Question

When a slab of insulating material 4 mm thick is introduced between the plates of a parallel plate capacitor of separation 4 mm, it is found that the distance between the plates has to be increased by 3.2 mm to restore the capacity to its original value. The dielectric constant of the material is______.
Fill in the blank with the correct answer from the options given below.

• A. 2
• B. 5
• C. 3
• D. 7

Answer 1

The Correct Option is B

This analysis examines the impact of inserting an insulating slab into a parallel plate capacitor.

1. Initial Capacitance (C):

The initial plate separation is denoted as d = 4 mm.

The original capacitance is calculated as C = ε₀A / d.

2. Capacitance with Insulating Slab:

Upon introducing a slab of thickness t = 4 mm and dielectric constant K, the capacitance (C') is given by:

C' = ε₀A / [d - t + (t/K)]

3. Restoration of Original Capacitance:

To restore the original capacitance, the plate separation is increased by 3.2 mm, resulting in a new separation d'.

d' = d + 3.2 mm = 4 mm + 3.2 mm = 7.2 mm.

The capacitance with this new separation (C'') is:

C'' = ε₀A / d'.

The condition for restoring the original capacitance is C'' = C.

This implies ε₀A / d' = ε₀A / d, leading to d' = d.

However, the objective is to determine the dielectric constant K that restores the original capacitance when the distance is increased to 7.2 mm after inserting the dielectric.

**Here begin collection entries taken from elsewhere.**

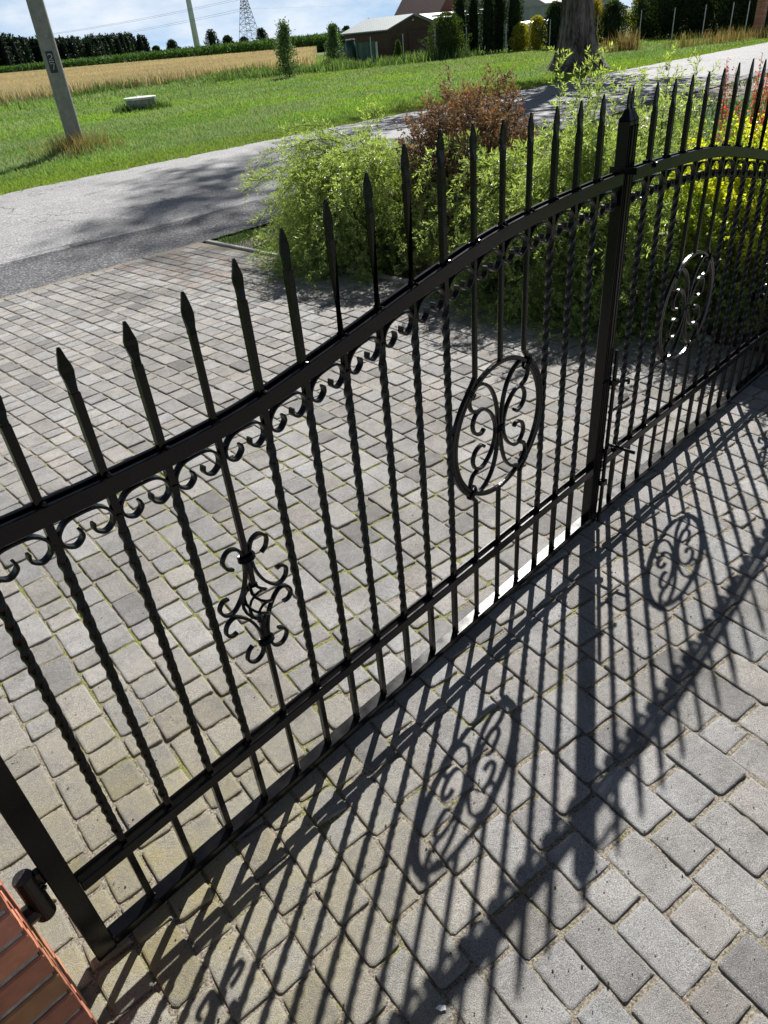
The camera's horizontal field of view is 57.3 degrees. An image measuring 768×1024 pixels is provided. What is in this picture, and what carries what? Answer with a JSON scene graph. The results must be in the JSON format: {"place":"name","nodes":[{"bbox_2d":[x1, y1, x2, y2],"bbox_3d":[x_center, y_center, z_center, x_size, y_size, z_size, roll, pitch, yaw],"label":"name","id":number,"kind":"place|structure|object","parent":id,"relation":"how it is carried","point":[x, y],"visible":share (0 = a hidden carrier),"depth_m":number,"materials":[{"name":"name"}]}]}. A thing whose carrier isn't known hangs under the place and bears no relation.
{"place":"outdoors","nodes":[
{"label":"outdoors","id":0,"kind":"place"},
{"bbox_2d":[0,46,316,106],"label":"wheat field","id":1,"kind":"structure","parent":0,"point":[25,84],"depth_m":50.13,"materials":[{"name":"plant"}]},
{"bbox_2d":[0,8,631,72],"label":"corn field","id":2,"kind":"structure","parent":0,"point":[307,40],"depth_m":125.97,"materials":[{"name":"green plant"}]},
{"bbox_2d":[0,0,634,50],"label":"sky","id":3,"kind":"structure","parent":0,"point":[63,15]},
{"bbox_2d":[0,242,767,1023],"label":"driveway","id":4,"kind":"structure","parent":0,"point":[678,963],"depth_m":2.31,"materials":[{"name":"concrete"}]},
{"bbox_2d":[0,880,97,1023],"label":"brick pillar","id":5,"kind":"structure","parent":4,"relation":"on","point":[38,985],"depth_m":1.29,"materials":[{"name":"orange brick"}]},
{"bbox_2d":[0,87,633,960],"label":"gate leaf","id":6,"kind":"object","parent":5,"relation":"attached to","point":[126,477],"visible":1,"depth_m":1.71,"materials":[{"name":"black paint"}]},
{"bbox_2d":[1,328,767,1023],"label":"grit","id":7,"kind":"object","parent":4,"relation":"on","point":[471,772],"visible":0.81,"depth_m":2.01,"materials":[{"name":"grey gravel"}]},
{"bbox_2d":[435,1005,445,1010],"bbox_3d":[0.124,1.085,1.538,0.024,0.004,0.011,-8,34,-4],"label":"paper scrap","id":8,"kind":"object","parent":4,"relation":"on","point":[441,1007],"visible":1,"depth_m":1.54,"materials":[{"name":"white paper"}]},
{"bbox_2d":[592,58,767,522],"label":"gate leaf","id":9,"kind":"object","parent":4,"relation":"on","point":[648,169],"visible":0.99,"depth_m":2.84,"materials":[{"name":"black paint"}]},
{"bbox_2d":[0,31,767,195],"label":"meadow grass","id":10,"kind":"structure","parent":0,"point":[225,115],"depth_m":23.61,"materials":[{"name":"green plant"}]},
{"bbox_2d":[0,42,767,263],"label":"road","id":11,"kind":"structure","parent":0,"point":[35,221],"depth_m":11.53,"materials":[{"name":"grey asphalt"}]},
{"bbox_2d":[0,69,767,297],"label":"road patch","id":12,"kind":"object","parent":11,"relation":"on","point":[23,275],"visible":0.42,"depth_m":8.05,"materials":[{"name":"grey asphalt"}]},
{"bbox_2d":[1,8,767,352],"bbox_3d":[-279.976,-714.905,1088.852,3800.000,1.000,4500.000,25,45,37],"label":"ground","id":13,"kind":"structure","parent":0,"point":[265,226],"depth_m":13.30,"materials":[{"name":"soil"}]},
{"bbox_2d":[26,0,83,144],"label":"utility pole","id":14,"kind":"object","parent":13,"relation":"on","point":[52,62],"visible":0.81,"depth_m":15.27,"materials":[{"name":"concrete"}]},
{"bbox_2d":[0,31,150,65],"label":"forest","id":15,"kind":"object","parent":13,"relation":"on","point":[13,51],"visible":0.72,"depth_m":470.60,"materials":[{"name":"green plant"}]},
{"bbox_2d":[123,95,155,109],"bbox_3d":[-9.101,-15.287,26.351,1.200,0.592,1.200,25,45,37],"label":"well ring","id":16,"kind":"object","parent":13,"relation":"on","point":[139,99],"visible":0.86,"depth_m":25.95,"materials":[{"name":"concrete"}]},
{"bbox_2d":[111,98,171,114],"bbox_3d":[-9.046,-15.242,26.352,2.308,0.468,2.289,25,45,37],"label":"weed tuft","id":17,"kind":"object","parent":13,"relation":"on","point":[122,109],"visible":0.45,"depth_m":25.92,"materials":[{"name":"green plant"}]},
{"bbox_2d":[152,45,159,50],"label":"distant tree","id":18,"kind":"object","parent":13,"relation":"on","point":[155,47],"visible":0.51,"depth_m":565.14,"materials":[{"name":"green plant"}]},
{"bbox_2d":[166,39,180,49],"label":"distant tree","id":19,"kind":"object","parent":13,"relation":"on","point":[172,43],"visible":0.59,"depth_m":534.63,"materials":[{"name":"green plant"}]},
{"bbox_2d":[186,0,199,46],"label":"white mast","id":20,"kind":"object","parent":13,"relation":"on","point":[193,26],"visible":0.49,"depth_m":480.00,"materials":[{"name":"metal"}]},
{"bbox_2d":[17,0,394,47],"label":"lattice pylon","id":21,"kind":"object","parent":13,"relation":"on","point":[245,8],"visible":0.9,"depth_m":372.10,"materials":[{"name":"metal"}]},
{"bbox_2d":[204,29,220,44],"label":"distant tree","id":22,"kind":"object","parent":13,"relation":"on","point":[211,38],"visible":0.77,"depth_m":554.62,"materials":[{"name":"green plant"}]},
{"bbox_2d":[221,34,234,43],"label":"distant tree","id":23,"kind":"object","parent":13,"relation":"on","point":[227,39],"visible":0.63,"depth_m":559.92,"materials":[{"name":"green plant"}]},
{"bbox_2d":[205,240,261,252],"bbox_3d":[-1.621,-2.826,7.565,0.970,0.092,0.050,26,45,37],"label":"kerb stone","id":24,"kind":"object","parent":13,"relation":"on","point":[227,245],"visible":0.52,"depth_m":7.53,"materials":[{"name":"concrete"}]},
{"bbox_2d":[0,45,503,110],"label":"edge weeds","id":25,"kind":"object","parent":13,"relation":"on","point":[341,64],"visible":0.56,"depth_m":42.23,"materials":[{"name":"green plant"}]},
{"bbox_2d":[255,27,267,40],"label":"distant tree","id":26,"kind":"object","parent":13,"relation":"on","point":[262,32],"visible":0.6,"depth_m":574.94,"materials":[{"name":"green plant"}]},
{"bbox_2d":[272,16,302,77],"bbox_3d":[-5.392,-25.696,38.968,1.638,2.925,1.586,-3,34,4],"label":"young tree","id":27,"kind":"object","parent":13,"relation":"on","point":[283,52],"visible":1,"depth_m":38.88,"materials":[{"name":"green plant"}]},
{"bbox_2d":[258,251,324,263],"bbox_3d":[-0.909,-2.480,6.958,0.995,0.092,0.050,25,44,37],"label":"kerb stone","id":28,"kind":"object","parent":13,"relation":"on","point":[274,255],"visible":0.14,"depth_m":7.11,"materials":[{"name":"concrete"}]},
{"bbox_2d":[323,21,346,61],"bbox_3d":[-3.199,-29.655,44.707,1.500,2.627,1.448,25,45,37],"label":"young tree","id":29,"kind":"object","parent":13,"relation":"on","point":[332,38],"visible":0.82,"depth_m":44.49,"materials":[{"name":"green plant"}]},
{"bbox_2d":[342,25,349,30],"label":"distant tree","id":30,"kind":"object","parent":13,"relation":"on","point":[345,28],"visible":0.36,"depth_m":535.23,"materials":[{"name":"green plant"}]},
{"bbox_2d":[324,266,371,274],"bbox_3d":[-0.332,-2.184,6.443,0.600,0.092,0.050,24,44,36],"label":"kerb stone","id":31,"kind":"object","parent":13,"relation":"on","point":[352,271],"visible":0.1,"depth_m":6.38,"materials":[{"name":"concrete"}]},
{"bbox_2d":[345,39,356,61],"bbox_3d":[-2.320,-32.434,49.538,0.720,1.520,0.720,25,45,37],"label":"rain barrel","id":32,"kind":"object","parent":13,"relation":"on","point":[350,49],"visible":0.81,"depth_m":49.23,"materials":[{"name":"green plastic"}]},
{"bbox_2d":[337,40,377,61],"bbox_3d":[-1.556,-32.153,49.258,1.224,1.450,13.507,-11,35,-9],"label":"screen fence","id":33,"kind":"object","parent":13,"relation":"on","point":[363,51],"visible":0.52,"depth_m":49.55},
{"bbox_2d":[134,5,629,52],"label":"horizon scrub","id":34,"kind":"object","parent":13,"relation":"on","point":[626,6],"visible":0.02,"depth_m":570.32,"materials":[{"name":"green plant"}]},
{"bbox_2d":[340,13,433,57],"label":"barn","id":35,"kind":"structure","parent":13,"relation":"on","point":[389,31],"depth_m":75.37,"materials":[{"name":"brown wood"}]},
{"bbox_2d":[394,38,402,52],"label":"side door","id":36,"kind":"structure","parent":35,"relation":"in","point":[400,39],"depth_m":74.75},
{"bbox_2d":[409,30,428,54],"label":"garage door","id":37,"kind":"structure","parent":35,"relation":"in","point":[413,37],"depth_m":76.58,"materials":[{"name":"brown wood"}]},
{"bbox_2d":[21,24,767,158],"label":"dry grass","id":38,"kind":"structure","parent":13,"relation":"on","point":[628,42],"depth_m":33.45,"materials":[{"name":"plant"}]},
{"bbox_2d":[393,39,402,58],"bbox_3d":[0.895,-29.556,45.116,0.910,1.347,0.886,25,45,37],"label":"dwarf conifer","id":39,"kind":"object","parent":13,"relation":"on","point":[398,50],"visible":0.69,"depth_m":44.95,"materials":[{"name":"green plant"}]},
{"bbox_2d":[378,274,460,291],"bbox_3d":[0.271,-1.907,5.953,0.990,0.092,0.050,26,45,37],"label":"kerb stone","id":40,"kind":"object","parent":13,"relation":"on","point":[390,278],"depth_m":6.07,"materials":[{"name":"concrete"}]},
{"bbox_2d":[394,0,455,15],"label":"brick house","id":41,"kind":"structure","parent":13,"relation":"on","point":[416,7],"depth_m":108.87,"materials":[{"name":"brown brick"}]},
{"bbox_2d":[418,11,452,20],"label":"farm shed","id":42,"kind":"structure","parent":13,"relation":"on","point":[428,16],"depth_m":87.02,"materials":[{"name":"tile"}]},
{"bbox_2d":[418,11,472,57],"bbox_3d":[4.017,-29.345,43.294,3.217,2.552,3.387,25,45,37],"label":"conifer bush","id":43,"kind":"object","parent":13,"relation":"on","point":[448,23],"visible":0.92,"depth_m":42.93,"materials":[{"name":"green plant"}]},
{"bbox_2d":[451,0,471,52],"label":"columnar thuja","id":44,"kind":"object","parent":13,"relation":"on","point":[460,8],"visible":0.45,"depth_m":44.69,"materials":[{"name":"green plant"}]},
{"bbox_2d":[464,0,483,9],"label":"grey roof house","id":45,"kind":"structure","parent":13,"relation":"on","point":[478,4],"depth_m":105.54,"materials":[{"name":"grey"}]},
{"bbox_2d":[465,0,482,53],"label":"columnar thuja","id":46,"kind":"object","parent":13,"relation":"on","point":[473,29],"visible":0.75,"depth_m":45.41,"materials":[{"name":"green plant"}]},
{"bbox_2d":[478,0,498,53],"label":"columnar thuja","id":47,"kind":"object","parent":13,"relation":"on","point":[488,21],"visible":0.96,"depth_m":44.88,"materials":[{"name":"green plant"}]},
{"bbox_2d":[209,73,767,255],"bbox_3d":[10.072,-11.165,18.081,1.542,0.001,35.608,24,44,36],"label":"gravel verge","id":48,"kind":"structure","parent":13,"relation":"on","point":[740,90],"depth_m":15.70,"materials":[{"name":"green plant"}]},
{"bbox_2d":[432,4,549,47],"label":"block wall building","id":49,"kind":"structure","parent":13,"relation":"on","point":[531,11],"depth_m":68.80,"materials":[{"name":"concrete"}]},
{"bbox_2d":[493,0,507,52],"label":"columnar thuja","id":50,"kind":"object","parent":13,"relation":"on","point":[500,41],"visible":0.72,"depth_m":45.34,"materials":[{"name":"green plant"}]},
{"bbox_2d":[502,0,524,50],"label":"columnar thuja","id":51,"kind":"object","parent":13,"relation":"on","point":[515,13],"visible":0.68,"depth_m":44.46,"materials":[{"name":"green plant"}]},
{"bbox_2d":[508,21,530,51],"bbox_3d":[8.638,-30.103,44.536,1.708,1.662,1.628,12,38,24],"label":"golden shrub","id":52,"kind":"object","parent":13,"relation":"on","point":[516,38],"visible":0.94,"depth_m":44.35,"materials":[{"name":"yellow plant"}]},
{"bbox_2d":[300,248,767,350],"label":"flower bed","id":53,"kind":"object","parent":13,"relation":"on","point":[405,274],"depth_m":4.70,"materials":[{"name":"soil"}]},
{"bbox_2d":[236,93,452,291],"bbox_3d":[-0.303,-3.030,6.472,2.624,1.358,2.685,1,35,10],"label":"willow shrub","id":54,"kind":"object","parent":53,"relation":"on","point":[335,179],"visible":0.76,"depth_m":6.25,"materials":[{"name":"green plant"}]},
{"bbox_2d":[393,63,544,261],"bbox_3d":[0.747,-2.926,5.987,1.491,1.543,1.362,25,45,37],"label":"purple shrub","id":55,"kind":"object","parent":53,"relation":"on","point":[455,122],"visible":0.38,"depth_m":5.66,"materials":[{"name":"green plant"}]},
{"bbox_2d":[385,41,737,342],"bbox_3d":[1.386,-2.504,5.213,2.845,1.639,2.390,25,45,37],"label":"willow shrub","id":56,"kind":"object","parent":53,"relation":"on","point":[515,188],"visible":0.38,"depth_m":4.93,"materials":[{"name":"green plant"}]},
{"bbox_2d":[494,178,767,349],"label":"willow shrub","id":57,"kind":"object","parent":53,"relation":"on","point":[594,311],"visible":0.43,"depth_m":4.63,"materials":[{"name":"green plant"}]},
{"bbox_2d":[505,42,760,316],"bbox_3d":[1.948,-2.507,5.170,2.239,1.601,2.299,-3,34,4],"label":"willow shrub","id":58,"kind":"object","parent":53,"relation":"on","point":[677,137],"visible":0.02,"depth_m":4.98,"materials":[{"name":"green plant"}]},
{"bbox_2d":[646,109,767,330],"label":"yellow shrub","id":59,"kind":"object","parent":53,"relation":"on","point":[695,209],"visible":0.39,"depth_m":4.24,"materials":[{"name":"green plant"}]},
{"bbox_2d":[716,52,767,226],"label":"flowering plant","id":60,"kind":"object","parent":53,"relation":"on","point":[753,96],"visible":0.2,"depth_m":4.82,"materials":[{"name":"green plant"}]},
{"bbox_2d":[524,14,546,49],"bbox_3d":[9.407,-29.819,43.751,1.877,1.955,1.784,25,45,37],"label":"golden shrub","id":61,"kind":"object","parent":13,"relation":"on","point":[533,38],"visible":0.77,"depth_m":43.53,"materials":[{"name":"yellow plant"}]},
{"bbox_2d":[535,0,560,48],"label":"dark conifer","id":62,"kind":"object","parent":13,"relation":"on","point":[554,10],"visible":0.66,"depth_m":42.20,"materials":[{"name":"green plant"}]},
{"bbox_2d":[370,1,750,61],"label":"wire fence","id":63,"kind":"object","parent":13,"relation":"on","point":[596,33],"visible":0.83,"depth_m":39.84,"materials":[{"name":"metal"}]},
{"bbox_2d":[505,0,617,33],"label":"metal roof hall","id":64,"kind":"structure","parent":13,"relation":"on","point":[533,2],"depth_m":84.73,"materials":[{"name":"grey metal"}]},
{"bbox_2d":[546,0,611,73],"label":"tree","id":65,"kind":"object","parent":13,"relation":"on","point":[577,35],"visible":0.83,"depth_m":25.17,"materials":[{"name":"brown plant"}]},
{"bbox_2d":[594,0,603,42],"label":"golden shrub","id":66,"kind":"object","parent":13,"relation":"on","point":[597,8],"visible":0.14,"depth_m":41.30,"materials":[{"name":"yellow plant"}]},
{"bbox_2d":[596,0,632,44],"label":"dark conifer","id":67,"kind":"object","parent":13,"relation":"on","point":[611,20],"visible":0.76,"depth_m":41.04,"materials":[{"name":"green plant"}]},
{"bbox_2d":[626,0,640,31],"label":"golden shrub","id":68,"kind":"object","parent":13,"relation":"on","point":[632,13],"visible":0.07,"depth_m":45.94,"materials":[{"name":"green plant"}]},
{"bbox_2d":[622,0,659,38],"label":"dark conifer","id":69,"kind":"object","parent":13,"relation":"on","point":[638,10],"visible":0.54,"depth_m":44.73,"materials":[{"name":"green plant"}]},
{"bbox_2d":[578,311,710,341],"bbox_3d":[1.733,-1.232,4.758,0.980,0.092,0.050,25,45,37],"label":"kerb stone","id":70,"kind":"object","parent":13,"relation":"on","point":[707,337],"visible":0.05,"depth_m":4.49,"materials":[{"name":"concrete"}]},
{"bbox_2d":[641,0,687,37],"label":"dark conifer","id":71,"kind":"object","parent":13,"relation":"on","point":[663,13],"visible":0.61,"depth_m":42.87,"materials":[{"name":"green plant"}]},
{"bbox_2d":[664,0,718,35],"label":"dark conifer","id":72,"kind":"object","parent":13,"relation":"on","point":[695,17],"visible":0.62,"depth_m":41.28,"materials":[{"name":"green plant"}]},
{"bbox_2d":[695,0,732,34],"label":"dark conifer","id":73,"kind":"object","parent":13,"relation":"on","point":[709,25],"visible":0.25,"depth_m":39.84,"materials":[{"name":"green plant"}]},
{"bbox_2d":[709,0,767,33],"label":"dark conifer","id":74,"kind":"object","parent":13,"relation":"on","point":[724,16],"visible":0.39,"depth_m":38.19,"materials":[{"name":"green plant"}]},
{"bbox_2d":[728,0,767,34],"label":"dark conifer","id":75,"kind":"object","parent":13,"relation":"on","point":[752,12],"visible":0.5,"depth_m":37.31,"materials":[{"name":"green plant"}]},
{"bbox_2d":[752,0,767,36],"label":"brick pillar","id":76,"kind":"structure","parent":13,"relation":"on","point":[761,12],"depth_m":35.21,"materials":[{"name":"brown brick"}]}
]}

Therefore, the equation is:

ε₀A / d = ε₀A / [d - t + t/K].

Given that the original capacitance is restored by increasing the distance to 7.2 mm, we have:

d = d' - (d - (d - t + t/K))

d = d' - (t - t/K)

Substituting the known values: 4 mm = 7.2 mm - (4 mm - 4 mm/K).

Simplifying the equation: 4 = 7.2 - 4 + 4/K

4 = 3.2 + 4/K

0.8 = 4/K

Solving for K: K = 4 / 0.8 = 5.

The dielectric constant of the material is thus 5.

The correct answer is:

Option 2: 5